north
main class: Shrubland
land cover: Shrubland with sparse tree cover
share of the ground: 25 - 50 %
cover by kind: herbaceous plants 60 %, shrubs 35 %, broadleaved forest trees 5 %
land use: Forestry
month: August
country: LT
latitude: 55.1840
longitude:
^^^^^^^^^^^^^^^^
Would you transcribe, unchanged, every line of the material from the one containing "land cover: Shrubland with sparse tree cover" to the very end, including both, and nothing else?

WRITTEN SOLUTION:
land cover: Shrubland with sparse tree cover
share of the ground: 25 - 50 %
cover by kind: herbaceous plants 60 %, shrubs 35 %, broadleaved forest trees 5 %
land use: Forestry
month: August
country: LT
latitude: 55.1840
longitude:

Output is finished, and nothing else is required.